Inside the Florida Gators stadium

GAINESVILLE, FL – SEPTEMBER 2: University of Florida Gators fans watch the action during the game against the Southern Miss Golden Eagles at Ben Hill Griffin Stadium on September 2, 2006 in Gainesville, Florida. The Gators defeated the Eagles 34-7.

A federal court on Monday declined to dismiss a lawsuit filed by University of Florida professors who are fighting against a recent and controversial policy that kept them and their colleagues from testifying in election-related litigation.

Political science professors Sharon Austin, Michael McDonald, and Daniel Smith sued the university’s board of trustees, President W. Kent Fuchs, and Provost Joseph Glover, saying officials tried to bar the trio from testifying in a lawsuit alleging the Sunshine State’s new raft of voting laws–passed after the 2020 election–discriminates against minorities and the elderly in order to limit access to the ballot box.

The policy in question requires professors to seek approval for opining on such issues under the term “outside activity.” Each of the three professors submitted requests through this process, and each of the three was, at first, denied.

“The University refused to approve each of [the professors’] applications, offering a series of shifting and inconsistent explanations that laid bare the University’s real goal: to prevent [the professors] from testifying in support of a challenge to the State’s [voting] policies,” their 18-page original petition explains.

“Outside activities that may pose a conflict of interest to the executive branch of the State of Florida create a conflict for the University of Florida,” Professor Smith was told in his denial message.

Professor McDonald was given the following denial: “UF [w]ill deny its employees’ requests to engage in outside activities when it determines the activities are adverse to its interests.”

“As UF is a state actor, litigation against the [S]tate is adverse to UF’s interests,” the university told Austin.

After some considerable bad press, however, the university relented and allowed the three professors to testify in the one, specific lawsuit provided they were not being paid to do so.

Fuchs also attempted some damage control of his own and sent a message to the university community saying that he had asked “UF’s Conflicts of Interest Office to reverse the decisions on recent requests by UF employees to serve as expert witnesses in litigation in which the state of Florida is a party and to approve the requests regardless of personal compensation, assuming the activity is on their own time without using university resources.”

The university defendants argued that their conditional exceptions to the anti-speech policy were enough to sustain a motion to dismiss.

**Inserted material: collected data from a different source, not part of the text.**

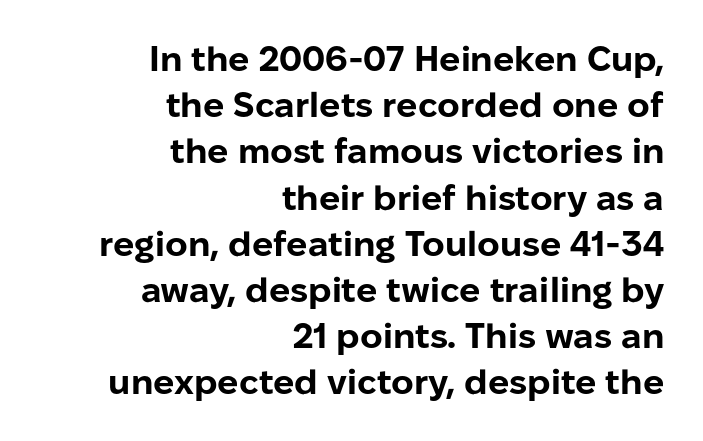
The image shows 35 px bold sans-serif type, upright; set right-aligned, normal line spacing (1.32x), normal letter spacing, not underlined; low stroke contrast and a medium x-height.
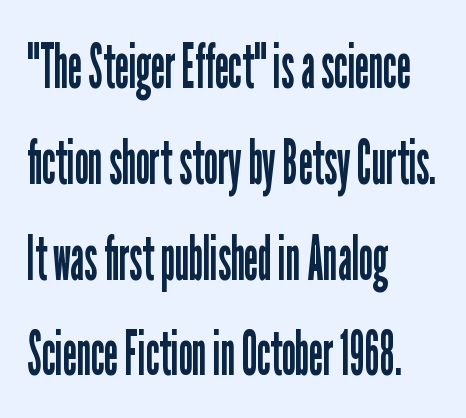
Q: Is the text bold? A: No.
Q: Is the text italic (slanted)? A: No, it is upright.
Q: Is the typeface a serif or a sans-serif typeface? A: Sans-serif.
Q: Is the text underlined? A: No.
Q: How is the paragraph aligned? A: Left-aligned.
Q: Is the spacing between letters normal or unusually wide? A: Normal.
Q: Is the spacing between lines tight, normal or loose? A: Normal.
Q: Width (condensed, normal, or wide)? A: Condensed.
Q: Stroke contrast? A: Low.
Q: x-height? A: Medium.
Q: Monospaced? A: No.
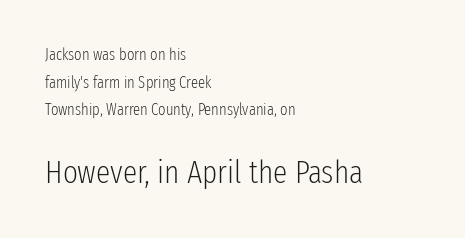
Notice how the stems are strictly vertical — no italics here. Think of a printed novel: that variable character pitch is what you see here. Block two is the big one; block one sits smaller above it. Caption: standard tracking, unaltered. The typeface has the unassuming heft of standard copy or less.
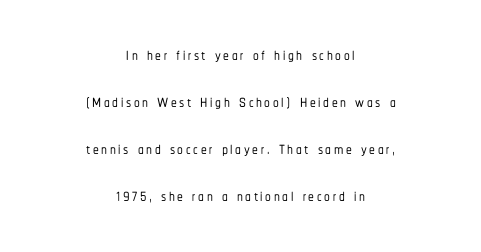
{"italic": "no", "underline": "no", "align": "center", "line_spacing": "loose", "line_spacing_ratio": 2.05, "glyph_px": 23}
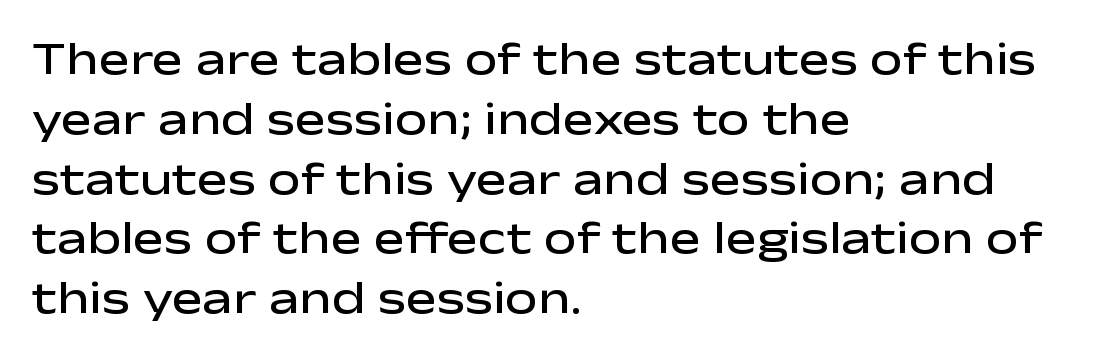
Q: Is the text bold? A: Semi-bold.
Q: Is the text italic (slanted)? A: No, it is upright.
Q: Is the typeface a serif or a sans-serif typeface? A: Sans-serif.
Q: Is the text underlined? A: No.
Q: How is the paragraph aligned? A: Left-aligned.
Q: Is the spacing between letters normal or unusually wide? A: Normal.
Q: Is the spacing between lines tight, normal or loose? A: Normal.
Q: Width (condensed, normal, or wide)? A: Wide.
Q: Stroke contrast? A: Low.
Q: x-height? A: Medium.
Q: Monospaced? A: No.

The institution asserted that the plaintiff professors lacked standing because they had been given permission to weigh in on that particular lawsuit. Additionally, the university claimed, the plaintiffs’ claims were moot because Fuchs accepted a task force’s recommendations to slightly alter the policy in favor of a “strong presumption” that professors will be allowed to testify as expert witnesses in the future.

On Monday, Barack Obama-appointed U.S. District Judge Mark Walker rubbished the university’s efforts at mitigating the anti-speech policy as too little and summarily unconvincing.

“There is no doubt [the professors’] intended course of conduct, participating in litigation as expert witnesses, is affected with a constitutional interest,” the opinion notes. “And [the professors] have demonstrated that, for fear of repercussion or retaliation, they are self-censoring from such participation. An ‘alleged danger of this [policy] is, in large measure one of self-censorship; a harm that can be realized without an actual prosecution.'”

And, despite the minor revisions to the rule, Walker went on to note that the policy presents a “credible threat of enforcement” because it was recently “revised” and because the defendants are still defending it in court–a standard set out by the 11th Circuit Court of Appeals.

The decision also cites comments made by University of Florida Board of Trustees Chairman Morteza “Mori” Hosseini, which strongly suggested the university had no plans to change the policy.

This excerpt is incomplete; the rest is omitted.